Here is the revision that handles your document number in the form OOO_nnnnn and does the rename without the "Cannot find Document number" dialog. I am using a drop folder named DropMe and a recipient folder named Renamed — for testing purposes. You may want to change that Renamed folder property to your preferred recipient folder.

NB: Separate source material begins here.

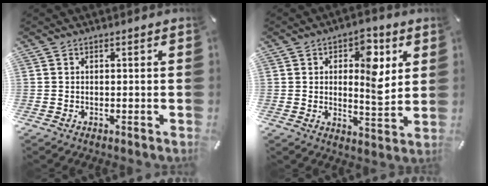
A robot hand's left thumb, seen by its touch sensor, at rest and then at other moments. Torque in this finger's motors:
{"motor_torque": [0.45, -0.05, 0.29, 0.08, 0.08]}

This code is expecting the document number aligned left on the first line, but probably would find it in that location anywhere in the document's first page.

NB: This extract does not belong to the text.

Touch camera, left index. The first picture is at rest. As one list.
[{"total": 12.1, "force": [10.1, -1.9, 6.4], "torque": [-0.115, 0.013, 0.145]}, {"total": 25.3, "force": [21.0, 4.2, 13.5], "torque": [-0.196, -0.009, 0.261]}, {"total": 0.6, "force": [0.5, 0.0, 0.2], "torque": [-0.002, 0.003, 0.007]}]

Tested on macOS Monterey 12.6.1.


The Run AppleScript content:


use framework "Foundation"
use framework "PDFKit"
use AppleScript version "2.4" -- Yosemite or later
use scripting additions

property NSString : a reference to current application's NSString
property NSURL : a reference to current application's NSURL
property PDFDocument : a reference to current application's PDFDocument
property NSRegularExpression : a reference to current application's NSRegularExpression
property NSRegularExpressionCaseInsensitive : a reference to current application's NSRegularExpressionCaseInsensitive
property NSMatchingAnchored : a reference to current application's NSMatchingAnchored
property OUTFOLDER : ((path to desktop as text) & "Renamed:") as alias
property ext : ".pdf"

on run {input, parameters}
	
	# can handle multiple dropped PDFs with document number
	tell application "Finder"
		repeat with apdf in input
			if name extension of (apdf as alias) is "pdf" then
				set pdf_file to POSIX path of (apdf as alias) as text
				set dropfolderPath to my drop_folder_path(pdf_file) as POSIX file as text
				set pdf_url to (NSURL's fileURLWithPath:pdf_file)
				set pdf to (PDFDocument's alloc()'s initWithURL:pdf_url)
				# assumption: document number is on first page of the PDF
				set page_text to (pdf's pageAtIndex:0)'s |string|()
				set docnum_result to my find_document_number(page_text)
				
				if docnum_result contains "_" then
					set newname to docnum_result & ext
					set name of (apdf as alias) to newname
					move (dropfolderPath & newname) to OUTFOLDER with replacing
					
				else
					display dialog "Cannot find document number in PDF."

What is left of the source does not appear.